INSTRUCTIONS FOR THE TASK: Go through the data and copy every line in which "this" appears.

LISTED ENTRIES Block Start

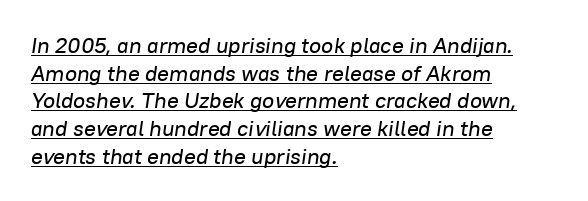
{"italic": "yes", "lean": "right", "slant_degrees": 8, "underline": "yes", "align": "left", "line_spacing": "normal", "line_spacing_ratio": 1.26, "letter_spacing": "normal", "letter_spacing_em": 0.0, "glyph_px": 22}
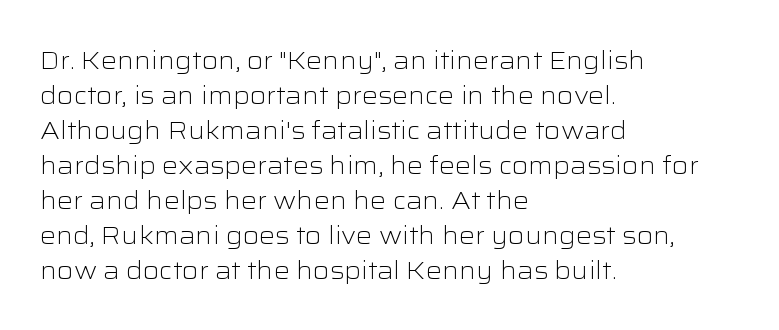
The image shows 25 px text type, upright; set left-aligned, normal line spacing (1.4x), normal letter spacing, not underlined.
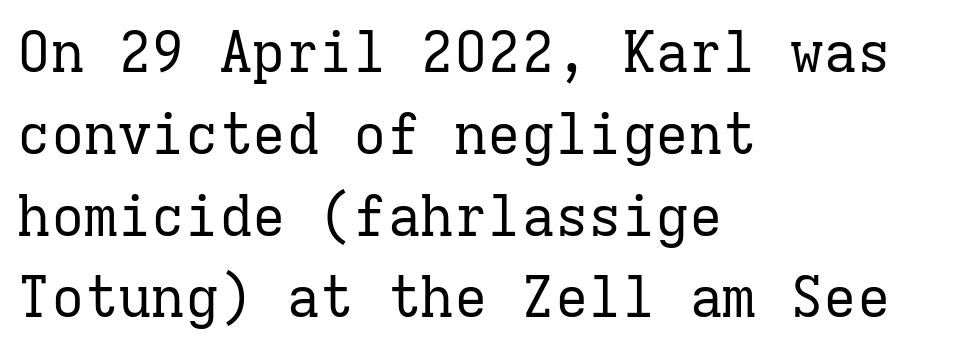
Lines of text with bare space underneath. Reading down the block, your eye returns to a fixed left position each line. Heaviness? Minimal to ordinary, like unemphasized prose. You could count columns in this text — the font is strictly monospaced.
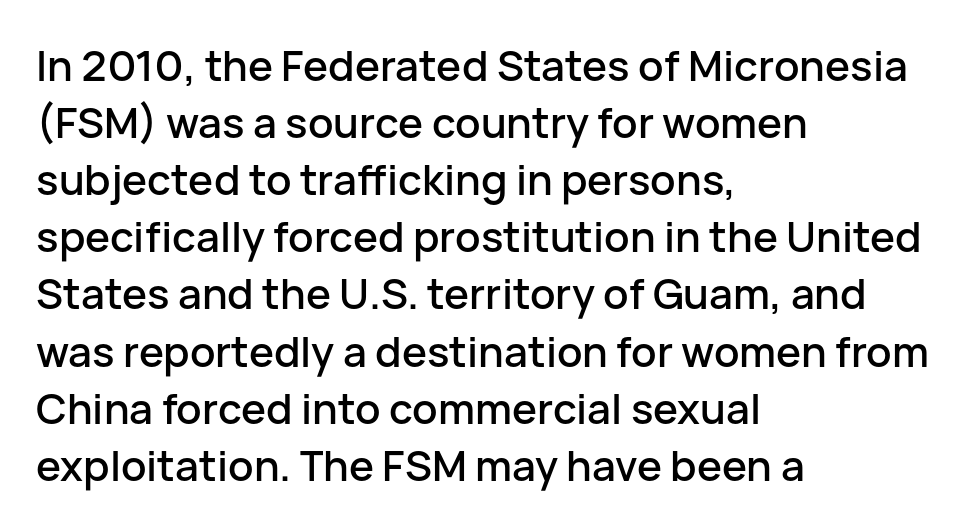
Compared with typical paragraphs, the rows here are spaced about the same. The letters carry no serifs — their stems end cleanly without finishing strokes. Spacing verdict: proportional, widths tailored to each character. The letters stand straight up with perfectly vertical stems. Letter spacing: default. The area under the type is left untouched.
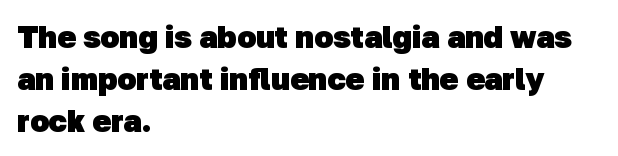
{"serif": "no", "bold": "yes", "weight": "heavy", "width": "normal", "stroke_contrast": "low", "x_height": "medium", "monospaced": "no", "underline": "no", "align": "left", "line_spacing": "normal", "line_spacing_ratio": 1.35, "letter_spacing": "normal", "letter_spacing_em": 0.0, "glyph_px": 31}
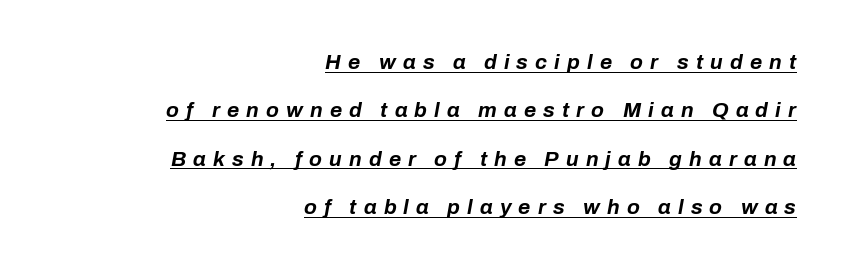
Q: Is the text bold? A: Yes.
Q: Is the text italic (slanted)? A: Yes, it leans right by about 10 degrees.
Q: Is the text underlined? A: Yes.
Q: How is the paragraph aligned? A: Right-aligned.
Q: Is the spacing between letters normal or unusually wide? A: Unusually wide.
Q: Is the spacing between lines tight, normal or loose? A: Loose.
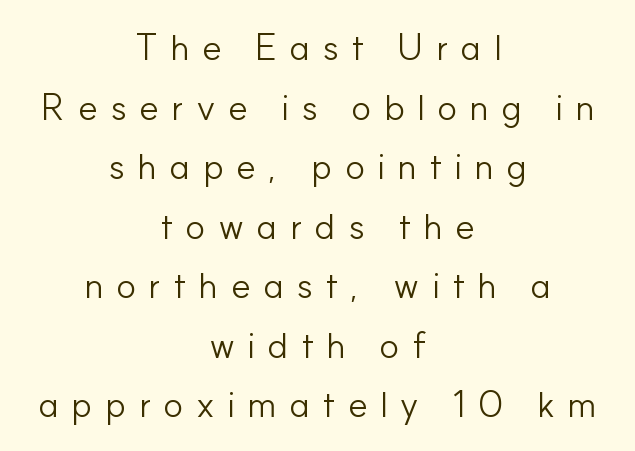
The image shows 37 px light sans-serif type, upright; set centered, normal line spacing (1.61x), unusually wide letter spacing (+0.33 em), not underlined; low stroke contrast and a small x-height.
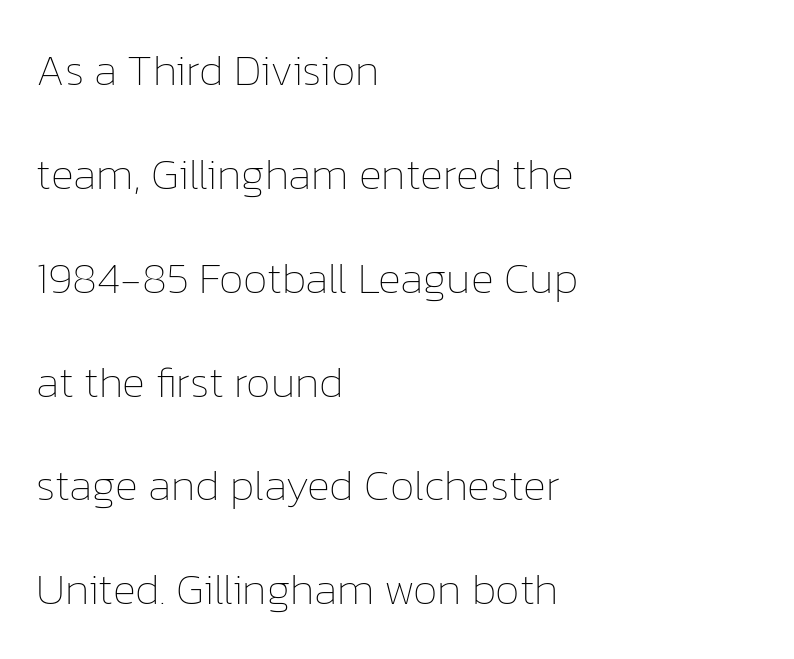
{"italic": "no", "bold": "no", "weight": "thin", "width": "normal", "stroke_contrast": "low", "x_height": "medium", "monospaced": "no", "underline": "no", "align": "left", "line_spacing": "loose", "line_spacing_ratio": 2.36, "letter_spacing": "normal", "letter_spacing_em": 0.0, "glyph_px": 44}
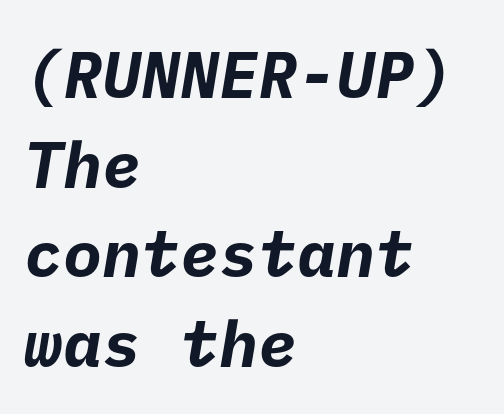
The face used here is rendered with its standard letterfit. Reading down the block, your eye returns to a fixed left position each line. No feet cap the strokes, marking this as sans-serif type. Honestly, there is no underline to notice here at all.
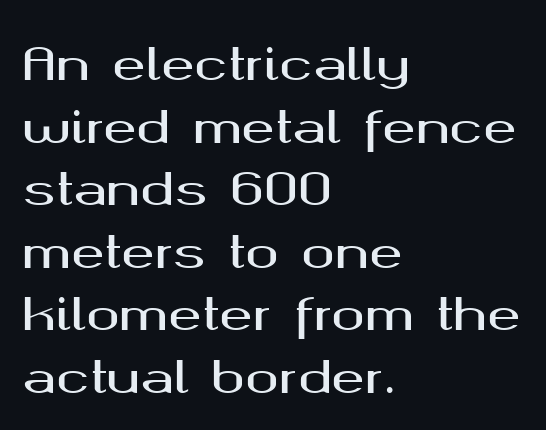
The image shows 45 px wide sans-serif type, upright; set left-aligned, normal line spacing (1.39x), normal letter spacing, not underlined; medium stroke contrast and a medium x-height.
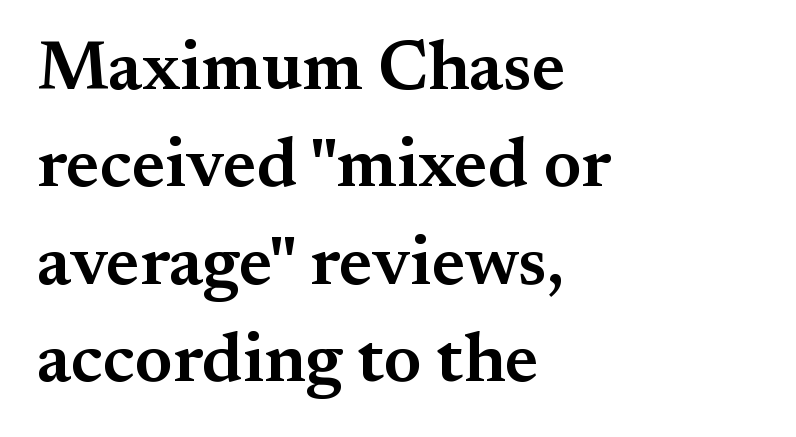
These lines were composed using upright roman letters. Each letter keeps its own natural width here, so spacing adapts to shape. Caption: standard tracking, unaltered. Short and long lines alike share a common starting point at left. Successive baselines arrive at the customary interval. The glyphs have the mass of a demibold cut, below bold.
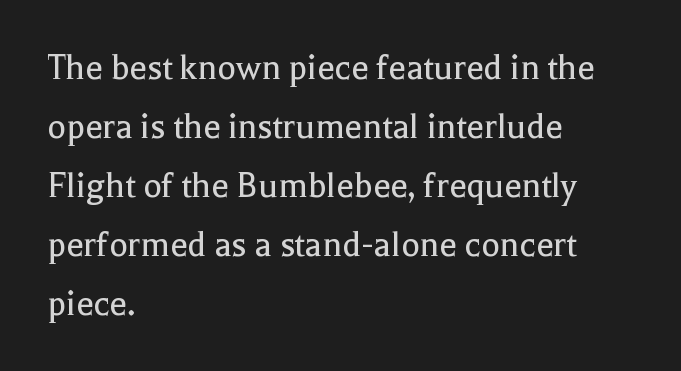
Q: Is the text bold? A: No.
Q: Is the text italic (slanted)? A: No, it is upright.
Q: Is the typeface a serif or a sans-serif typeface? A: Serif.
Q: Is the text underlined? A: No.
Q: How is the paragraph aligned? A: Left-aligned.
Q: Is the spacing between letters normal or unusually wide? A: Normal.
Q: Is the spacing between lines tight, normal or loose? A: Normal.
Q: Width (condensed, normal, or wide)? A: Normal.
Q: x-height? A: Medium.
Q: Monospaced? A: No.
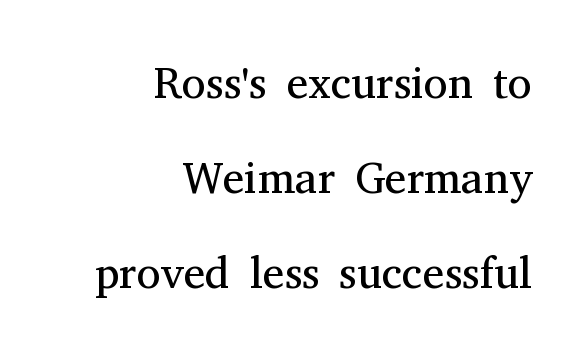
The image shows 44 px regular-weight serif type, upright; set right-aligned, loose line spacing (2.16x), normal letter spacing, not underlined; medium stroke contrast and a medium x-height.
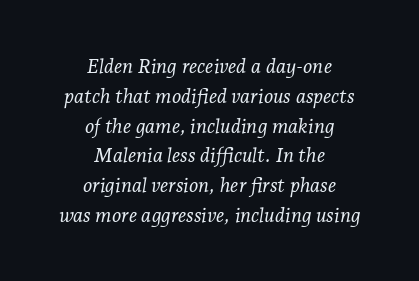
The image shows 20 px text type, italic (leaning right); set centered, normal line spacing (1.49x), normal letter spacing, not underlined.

LISTED ENTRIES Block End

RESULT OF THE EXERCISE:
Lines of text with bare space underneath. Reading down the block, your eye returns to a fixed left position each line. Heaviness? Minimal to ordinary, like unemphasized prose. You could count columns in this text — the font is strictly monospaced.
The face used here is rendered with its standard letterfit. Reading down the block, your eye returns to a fixed left position each line. No feet cap the strokes, marking this as sans-serif type. Honestly, there is no underline to notice here at all.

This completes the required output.